In his most recent editorial, Thomas Friedman of the New York Times discusses the great progress he sees in Iraq, and attributes it to President George Bush’s troop ‘surge’ of eighteen months ago. A look at just a few of Mr. Friedman’s bizarre comments causes one to wonder why he is writing for the Times and not for Mr. Bush himself.

“One of the first things I realized when visiting Iraq after the U.S. invasion was that the very fact that Iraqis did not liberate themselves, but had to be liberated by Americans, was a source of humiliation to them. It’s one reason they never threw flowers.”

So Mr. Friedman apparently buys into Mr. Bush’s definition of liberation. Let’s see now: following the invasion of a sovereign nation, one sets about to kill approximately 1,000,000 of its men, women and children, and drives an estimated 2,000,000 to 3,000,000 from their homes, many of them from the country. These ‘liberators’ deprive the remaining citizens of basic services such as electricity and potable water, and storm into their homes in the middle of the night. They then ransack those homes looking for who knows what, and drag any male over the age of twelve out into the darkness and take them to who knows where, as their anguished mothers, sisters and wives scream in despair.

As families are driving to perfectly legitimate destinations they encounter ‘checkpoints,’ where foreign soldiers gesture to them, shout unintelligible words and then shoot them all. This, to Mr. Friedman, apparently represents liberation. Yet one questions whether or not it was their humiliation at being thus liberated that caused them to leave their flowers in their gardens, rather than strewing them beneath the feet of such liberators. Perhaps they had better uses for their flowers: putting them on the coffins and graves of their ‘liberator’s’ victims.

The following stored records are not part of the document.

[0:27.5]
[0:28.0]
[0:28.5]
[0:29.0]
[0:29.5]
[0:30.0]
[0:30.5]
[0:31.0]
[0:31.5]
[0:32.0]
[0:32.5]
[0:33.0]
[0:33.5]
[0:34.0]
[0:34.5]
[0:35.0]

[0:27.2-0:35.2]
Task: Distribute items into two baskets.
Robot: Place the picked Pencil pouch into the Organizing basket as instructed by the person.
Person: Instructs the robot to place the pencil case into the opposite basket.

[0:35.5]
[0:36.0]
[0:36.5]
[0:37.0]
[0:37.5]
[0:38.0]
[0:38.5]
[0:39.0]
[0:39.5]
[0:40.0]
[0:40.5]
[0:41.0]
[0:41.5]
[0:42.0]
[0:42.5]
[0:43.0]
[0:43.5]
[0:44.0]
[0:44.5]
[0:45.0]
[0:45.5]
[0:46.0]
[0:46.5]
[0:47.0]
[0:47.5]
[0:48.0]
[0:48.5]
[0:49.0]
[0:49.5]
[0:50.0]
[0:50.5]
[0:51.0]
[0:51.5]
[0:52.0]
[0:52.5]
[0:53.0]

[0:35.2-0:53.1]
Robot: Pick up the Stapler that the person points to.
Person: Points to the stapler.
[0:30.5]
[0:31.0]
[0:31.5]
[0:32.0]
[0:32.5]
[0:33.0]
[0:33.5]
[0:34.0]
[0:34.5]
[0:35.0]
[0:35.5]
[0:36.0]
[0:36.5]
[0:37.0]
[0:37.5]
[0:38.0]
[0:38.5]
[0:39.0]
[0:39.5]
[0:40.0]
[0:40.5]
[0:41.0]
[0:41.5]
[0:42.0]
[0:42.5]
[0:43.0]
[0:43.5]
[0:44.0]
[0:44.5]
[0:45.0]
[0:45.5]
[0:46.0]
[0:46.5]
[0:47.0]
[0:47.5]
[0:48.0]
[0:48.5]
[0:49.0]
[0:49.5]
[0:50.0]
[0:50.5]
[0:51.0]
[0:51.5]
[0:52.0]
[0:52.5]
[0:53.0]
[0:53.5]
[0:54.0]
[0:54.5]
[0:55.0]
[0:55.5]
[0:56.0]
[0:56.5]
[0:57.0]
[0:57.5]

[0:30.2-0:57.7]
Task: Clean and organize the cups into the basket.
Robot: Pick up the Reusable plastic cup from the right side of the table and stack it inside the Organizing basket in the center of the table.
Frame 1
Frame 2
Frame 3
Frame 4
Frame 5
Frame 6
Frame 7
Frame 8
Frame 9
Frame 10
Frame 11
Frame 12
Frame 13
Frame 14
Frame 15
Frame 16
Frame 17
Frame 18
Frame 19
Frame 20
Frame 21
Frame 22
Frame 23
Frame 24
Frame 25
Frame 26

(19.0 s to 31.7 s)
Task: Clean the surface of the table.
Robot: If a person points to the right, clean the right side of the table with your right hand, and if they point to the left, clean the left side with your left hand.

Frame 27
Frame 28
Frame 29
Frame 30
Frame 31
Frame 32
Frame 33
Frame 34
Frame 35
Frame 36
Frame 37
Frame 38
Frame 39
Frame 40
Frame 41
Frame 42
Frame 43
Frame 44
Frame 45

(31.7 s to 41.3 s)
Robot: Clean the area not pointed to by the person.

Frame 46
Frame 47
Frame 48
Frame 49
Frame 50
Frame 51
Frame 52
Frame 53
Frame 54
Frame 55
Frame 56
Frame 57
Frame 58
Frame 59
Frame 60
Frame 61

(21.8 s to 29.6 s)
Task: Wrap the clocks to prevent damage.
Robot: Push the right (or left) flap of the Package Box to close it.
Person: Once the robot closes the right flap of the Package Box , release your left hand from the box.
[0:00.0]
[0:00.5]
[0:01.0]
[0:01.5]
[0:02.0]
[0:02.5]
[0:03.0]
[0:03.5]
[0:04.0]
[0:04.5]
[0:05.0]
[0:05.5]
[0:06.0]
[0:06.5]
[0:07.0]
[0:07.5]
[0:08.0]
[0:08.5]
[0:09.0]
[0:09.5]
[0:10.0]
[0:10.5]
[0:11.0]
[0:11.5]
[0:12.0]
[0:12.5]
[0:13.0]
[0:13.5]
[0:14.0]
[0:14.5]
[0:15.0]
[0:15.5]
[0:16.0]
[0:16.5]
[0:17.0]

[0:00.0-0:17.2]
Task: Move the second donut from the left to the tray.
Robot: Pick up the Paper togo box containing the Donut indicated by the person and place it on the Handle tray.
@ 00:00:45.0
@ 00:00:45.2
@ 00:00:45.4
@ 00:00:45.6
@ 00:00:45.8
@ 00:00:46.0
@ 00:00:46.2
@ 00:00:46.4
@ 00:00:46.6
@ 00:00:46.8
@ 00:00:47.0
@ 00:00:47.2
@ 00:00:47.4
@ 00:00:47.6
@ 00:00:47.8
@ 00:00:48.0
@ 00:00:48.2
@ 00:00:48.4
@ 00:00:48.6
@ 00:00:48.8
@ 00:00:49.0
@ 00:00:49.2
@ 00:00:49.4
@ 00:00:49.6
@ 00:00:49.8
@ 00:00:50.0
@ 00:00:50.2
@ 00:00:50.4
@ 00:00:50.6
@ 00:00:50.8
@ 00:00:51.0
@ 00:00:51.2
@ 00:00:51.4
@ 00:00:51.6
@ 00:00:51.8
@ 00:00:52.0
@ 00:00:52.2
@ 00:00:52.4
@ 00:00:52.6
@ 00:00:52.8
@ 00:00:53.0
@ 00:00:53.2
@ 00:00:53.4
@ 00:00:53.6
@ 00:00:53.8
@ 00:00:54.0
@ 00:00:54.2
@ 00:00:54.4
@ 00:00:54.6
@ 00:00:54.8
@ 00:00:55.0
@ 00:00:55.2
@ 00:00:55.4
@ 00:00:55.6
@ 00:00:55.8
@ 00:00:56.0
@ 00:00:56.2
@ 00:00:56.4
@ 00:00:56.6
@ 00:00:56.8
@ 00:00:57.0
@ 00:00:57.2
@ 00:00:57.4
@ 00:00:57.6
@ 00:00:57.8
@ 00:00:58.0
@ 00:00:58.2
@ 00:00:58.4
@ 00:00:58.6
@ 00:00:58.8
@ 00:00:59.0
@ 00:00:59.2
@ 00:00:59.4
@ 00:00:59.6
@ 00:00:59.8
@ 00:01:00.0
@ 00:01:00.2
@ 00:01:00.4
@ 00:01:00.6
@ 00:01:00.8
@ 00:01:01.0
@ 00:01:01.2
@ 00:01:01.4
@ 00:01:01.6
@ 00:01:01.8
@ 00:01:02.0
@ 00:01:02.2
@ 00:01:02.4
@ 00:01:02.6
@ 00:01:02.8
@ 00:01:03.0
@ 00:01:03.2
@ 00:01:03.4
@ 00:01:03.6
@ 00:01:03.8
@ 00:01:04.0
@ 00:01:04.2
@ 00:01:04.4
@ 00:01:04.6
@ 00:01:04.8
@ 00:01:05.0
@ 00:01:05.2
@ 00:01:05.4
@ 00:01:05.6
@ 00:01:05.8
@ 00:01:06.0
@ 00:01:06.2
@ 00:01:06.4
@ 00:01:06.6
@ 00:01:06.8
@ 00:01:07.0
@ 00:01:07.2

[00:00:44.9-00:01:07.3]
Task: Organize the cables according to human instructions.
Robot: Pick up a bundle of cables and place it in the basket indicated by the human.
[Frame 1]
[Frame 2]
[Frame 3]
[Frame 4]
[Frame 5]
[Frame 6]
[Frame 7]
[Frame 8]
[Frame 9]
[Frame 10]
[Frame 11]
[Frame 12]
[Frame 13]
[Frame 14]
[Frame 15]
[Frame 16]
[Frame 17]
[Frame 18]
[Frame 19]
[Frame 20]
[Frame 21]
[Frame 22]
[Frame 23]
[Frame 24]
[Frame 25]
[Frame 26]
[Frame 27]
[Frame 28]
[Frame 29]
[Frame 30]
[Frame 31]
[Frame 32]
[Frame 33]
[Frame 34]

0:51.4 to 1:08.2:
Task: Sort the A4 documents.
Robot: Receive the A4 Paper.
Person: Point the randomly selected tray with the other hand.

“That also helps explain why Iraqis initially never took ownership of their governing institutions, like the Coalition Provisional Authority, or C.P.A. They never fought for it. It was handed to them. People have to fight and win their own freedom, and that’s what gives their institutions legitimacy.”

Well now; is this not most interesting? The Iraqis never ‘took ownership’ of their own government, not because it was forced upon them by an invading and occupying army that had, and continues to have, little knowledge of their culture and even less interest in learning anything about it. They did not ‘take ownership’ of a government run by a foreign nation that bombed their hospitals but protected their oil fields during the initial invasion. No, a people must liberate themselves, says Mr. Friedman, in order for their government to have legitimacy in the eyes of the common citizen.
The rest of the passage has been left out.